Pero sin duda, uno de los proyectos más grandes y a la vez esperanzadores es el que impulsa Gabriel Proaño, quien espera completar el presupuesto para recorrer 95 países del mundo, en 595 días. En esa “travesía de vida”, el motociclista espera recolectar fondos que serán destinados a favor de a la Asociación Ecuatoriana de Niños Contra el Cáncer.

Además, quiere ampliar el espacio en el que se atiende a los infantes y construir un albergue.


Otro de los objetivos, aseguró, es conocer historias inspiradoras de personas a escala mundial que lograron superar esta enfermedad, para luego motivar a la sociedad ecuatoriana a ayudar con esta causa. 


Con nostalgia, Gabriel se remontó a su infancia y recordó el día en que su madre, que se desempeñaba como bibliotecaria, le obsequió el libro ‘La vuelta al mundo en 80 días’, de Julio Verne.

“Era mi sueño conocer y recorrer el mundo desde que era pequeño. Un familiar mío tenía una moto y mi afición fecundó a temprana edad”, confesó entusiasmado. 


Pero hace tres años, cuando conoció a Romina, una dulce niña de 11 años que padece cáncer, sus ideales y metas dieron un giro de 180 grados.


“Romina sueña con ser modelo. Entonces me dije que no podría recorrer el planeta sin antes brindar ayuda a otros niños que pasan por eso”.


Para cristalizar el proyecto, Gabriel aún necesita obtener USD 35 000 para solventar los gastos de gasolina y de pasajes de avión, tanto para él como para su motocicleta Kawasaki. 

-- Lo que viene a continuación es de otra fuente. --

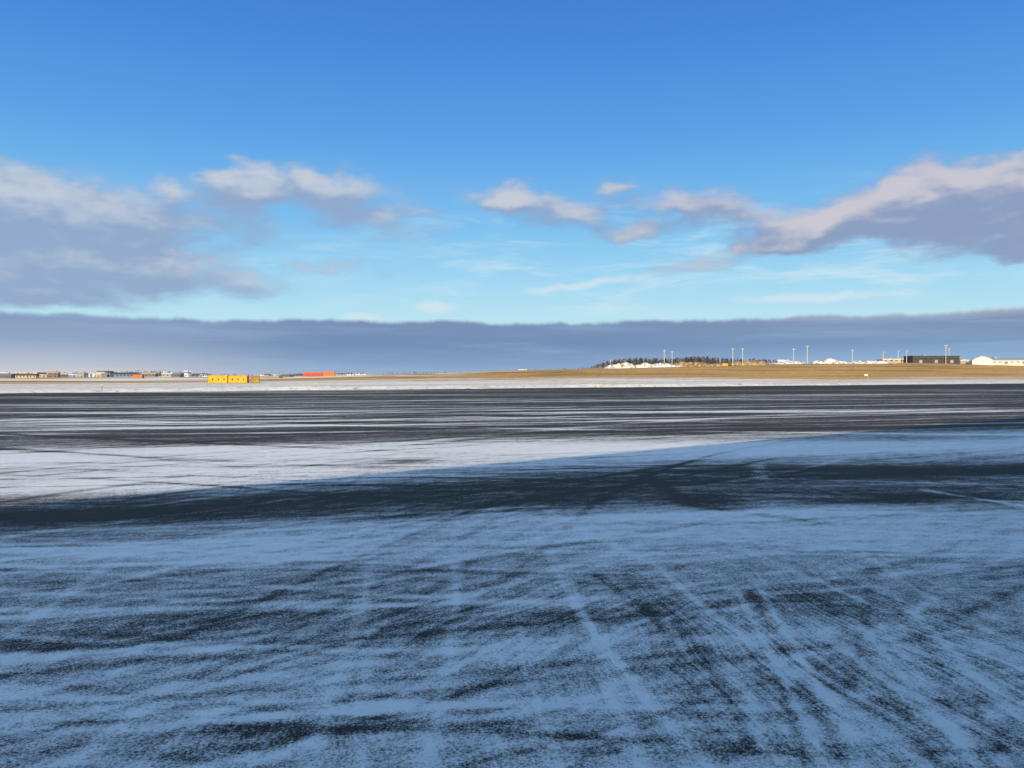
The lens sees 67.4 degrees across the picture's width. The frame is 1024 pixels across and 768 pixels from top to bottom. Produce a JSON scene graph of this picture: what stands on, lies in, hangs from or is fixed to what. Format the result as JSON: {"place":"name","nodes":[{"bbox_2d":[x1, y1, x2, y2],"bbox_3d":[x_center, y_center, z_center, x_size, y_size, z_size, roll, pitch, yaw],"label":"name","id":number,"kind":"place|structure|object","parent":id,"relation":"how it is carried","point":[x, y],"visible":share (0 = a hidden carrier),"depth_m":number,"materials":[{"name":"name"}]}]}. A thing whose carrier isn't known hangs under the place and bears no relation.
{"place":"outdoors","nodes":[
{"label":"outdoors","id":0,"kind":"place"},
{"bbox_2d":[0,383,1023,767],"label":"apron","id":1,"kind":"object","parent":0,"point":[724,577],"visible":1,"depth_m":13.11,"materials":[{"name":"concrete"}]},
{"bbox_2d":[0,363,1023,390],"bbox_3d":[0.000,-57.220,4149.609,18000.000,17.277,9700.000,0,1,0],"label":"ground","id":2,"kind":"structure","parent":0,"point":[854,373],"depth_m":404.27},
{"bbox_2d":[0,372,14,377],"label":"warehouse","id":3,"kind":"structure","parent":2,"relation":"on","point":[7,375],"depth_m":777.04,"materials":[{"name":"paint"}]},
{"bbox_2d":[15,373,38,377],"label":"warehouse","id":4,"kind":"structure","parent":2,"relation":"on","point":[32,375],"depth_m":779.73,"materials":[{"name":"beige concrete"}]},
{"bbox_2d":[37,372,46,376],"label":"house","id":5,"kind":"structure","parent":2,"relation":"on","point":[42,374],"depth_m":890.50,"materials":[{"name":"beige concrete"}]},
{"bbox_2d":[47,370,59,377],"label":"house","id":6,"kind":"structure","parent":2,"relation":"on","point":[53,374],"depth_m":758.44,"materials":[{"name":"grey concrete"}]},
{"bbox_2d":[76,371,88,376],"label":"house","id":7,"kind":"structure","parent":2,"relation":"on","point":[82,374],"depth_m":804.92,"materials":[{"name":"grey concrete"}]},
{"bbox_2d":[95,371,106,376],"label":"house","id":8,"kind":"structure","parent":2,"relation":"on","point":[101,374],"depth_m":821.07,"materials":[{"name":"white concrete"}]},
{"bbox_2d":[95,370,113,376],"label":"warehouse","id":9,"kind":"structure","parent":2,"relation":"on","point":[110,373],"depth_m":831.31,"materials":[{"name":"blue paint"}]},
{"bbox_2d":[114,371,136,376],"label":"warehouse","id":10,"kind":"structure","parent":2,"relation":"on","point":[124,374],"depth_m":799.02,"materials":[{"name":"blue paint"}]},
{"bbox_2d":[133,375,143,377],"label":"orange shipping container","id":11,"kind":"object","parent":2,"relation":"on","point":[138,376],"visible":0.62,"depth_m":518.81,"materials":[{"name":"metal"}]},
{"bbox_2d":[141,372,157,376],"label":"warehouse","id":12,"kind":"structure","parent":2,"relation":"on","point":[150,374],"depth_m":806.70,"materials":[{"name":"grey concrete"}]},
{"bbox_2d":[161,373,171,376],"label":"warehouse","id":13,"kind":"structure","parent":2,"relation":"on","point":[166,374],"depth_m":801.20,"materials":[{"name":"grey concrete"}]},
{"bbox_2d":[172,371,183,376],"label":"house","id":14,"kind":"structure","parent":2,"relation":"on","point":[178,374],"depth_m":788.46,"materials":[{"name":"blue paint"}]},
{"bbox_2d":[183,371,191,376],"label":"house","id":15,"kind":"structure","parent":2,"relation":"on","point":[187,374],"depth_m":821.74,"materials":[{"name":"white paint"}]},
{"bbox_2d":[47,370,387,375],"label":"distant tree line","id":16,"kind":"object","parent":2,"relation":"on","point":[160,372],"visible":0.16,"depth_m":933.49,"materials":[{"name":"brown plant"}]},
{"bbox_2d":[208,375,228,382],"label":"yellow shipping container","id":17,"kind":"object","parent":2,"relation":"on","point":[217,378],"visible":0.95,"depth_m":284.82,"materials":[{"name":"metal"}]},
{"bbox_2d":[228,376,248,382],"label":"yellow shipping container","id":18,"kind":"object","parent":2,"relation":"on","point":[238,379],"visible":0.98,"depth_m":285.83,"materials":[{"name":"metal"}]},
{"bbox_2d":[251,377,259,382],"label":"yellow shipping container","id":19,"kind":"object","parent":2,"relation":"on","point":[255,379],"visible":1,"depth_m":288.89,"materials":[{"name":"metal"}]},
{"bbox_2d":[281,373,293,376],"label":"house","id":20,"kind":"structure","parent":2,"relation":"on","point":[288,375],"depth_m":769.66,"materials":[{"name":"grey paint"}]},
{"bbox_2d":[303,372,321,376],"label":"red shipping container","id":21,"kind":"object","parent":2,"relation":"on","point":[312,374],"visible":0.97,"depth_m":618.76,"materials":[{"name":"metal"}]},
{"bbox_2d":[323,371,334,375],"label":"orange shipping container","id":22,"kind":"object","parent":2,"relation":"on","point":[328,373],"visible":0.89,"depth_m":620.74,"materials":[{"name":"metal"}]},
{"bbox_2d":[0,382,1023,392],"bbox_3d":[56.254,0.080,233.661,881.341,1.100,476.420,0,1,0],"label":"snow bank","id":23,"kind":"structure","parent":2,"relation":"on","point":[264,388],"depth_m":180.02,"materials":[{"name":"white snow"}]},
{"bbox_2d":[604,362,636,368],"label":"snow mound","id":24,"kind":"object","parent":2,"relation":"on","point":[624,365],"visible":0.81,"depth_m":595.71,"materials":[{"name":"white snow"}]},
{"bbox_2d":[634,362,653,367],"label":"snow mound","id":25,"kind":"object","parent":2,"relation":"on","point":[645,365],"visible":0.58,"depth_m":600.71,"materials":[{"name":"white snow"}]},
{"bbox_2d":[652,363,680,366],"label":"earth mound","id":26,"kind":"object","parent":2,"relation":"on","point":[663,365],"visible":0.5,"depth_m":636.28,"materials":[{"name":"white snow"}]},
{"bbox_2d":[591,356,775,367],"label":"distant tree line","id":27,"kind":"object","parent":2,"relation":"on","point":[676,360],"visible":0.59,"depth_m":934.71,"materials":[{"name":"green plant"}]},
{"bbox_2d":[673,362,708,366],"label":"earth mound","id":28,"kind":"object","parent":2,"relation":"on","point":[689,364],"visible":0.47,"depth_m":655.37,"materials":[{"name":"brown soil"}]},
{"bbox_2d":[698,362,735,365],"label":"earth mound","id":29,"kind":"object","parent":2,"relation":"on","point":[718,364],"visible":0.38,"depth_m":665.88,"materials":[{"name":"brown soil"}]},
{"bbox_2d":[728,360,777,364],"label":"earth mound","id":30,"kind":"object","parent":2,"relation":"on","point":[748,362],"visible":0.57,"depth_m":664.86,"materials":[{"name":"brown soil"}]},
{"bbox_2d":[769,361,806,363],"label":"snow mound","id":31,"kind":"object","parent":2,"relation":"on","point":[793,362],"visible":0.91,"depth_m":656.34,"materials":[{"name":"white snow"}]},
{"bbox_2d":[809,358,851,363],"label":"snow mound","id":32,"kind":"object","parent":2,"relation":"on","point":[829,361],"visible":1,"depth_m":635.31,"materials":[{"name":"white snow"}]},
{"bbox_2d":[849,360,877,363],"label":"snow mound","id":33,"kind":"object","parent":2,"relation":"on","point":[862,362],"visible":0.85,"depth_m":645.38,"materials":[{"name":"white snow"}]},
{"bbox_2d":[873,361,894,362],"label":"snow mound","id":34,"kind":"object","parent":2,"relation":"on","point":[883,362],"visible":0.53,"depth_m":656.06,"materials":[{"name":"white snow"}]},
{"bbox_2d":[876,358,903,362],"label":"white low shed","id":35,"kind":"structure","parent":2,"relation":"on","point":[895,360],"depth_m":708.78,"materials":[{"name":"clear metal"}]},
{"bbox_2d":[903,355,959,363],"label":"dark office building","id":36,"kind":"structure","parent":2,"relation":"on","point":[933,359],"depth_m":691.77,"materials":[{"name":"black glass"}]},
{"bbox_2d":[960,359,968,363],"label":"grey warehouse","id":37,"kind":"structure","parent":2,"relation":"on","point":[963,361],"depth_m":728.80,"materials":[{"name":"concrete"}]},
{"bbox_2d":[969,356,992,364],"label":"white gabled hangar","id":38,"kind":"structure","parent":2,"relation":"on","point":[980,360],"depth_m":683.60,"materials":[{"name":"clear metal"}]},
{"bbox_2d":[972,357,1023,365],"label":"white aircraft hangar","id":39,"kind":"structure","parent":2,"relation":"on","point":[1009,361],"depth_m":692.16,"materials":[{"name":"white metal"}]},
{"bbox_2d":[0,0,1023,373],"label":"sky","id":40,"kind":"structure","parent":0,"point":[196,186],"materials":[{"name":"blue"}]}
]}

Especialmente para cruzar de Brasil a Ciudad del Cabo; de Vietnam a Australia y de Australia a Canadá.

El costo total de este monumental proyecto asciende a USD 123 000.
 Así, entre frenadas, aceleraciones y vías sinuosas, estos motociclistas seguirán rodando diversos caminos del país, esperando el llamado de aquellos que más los necesiten.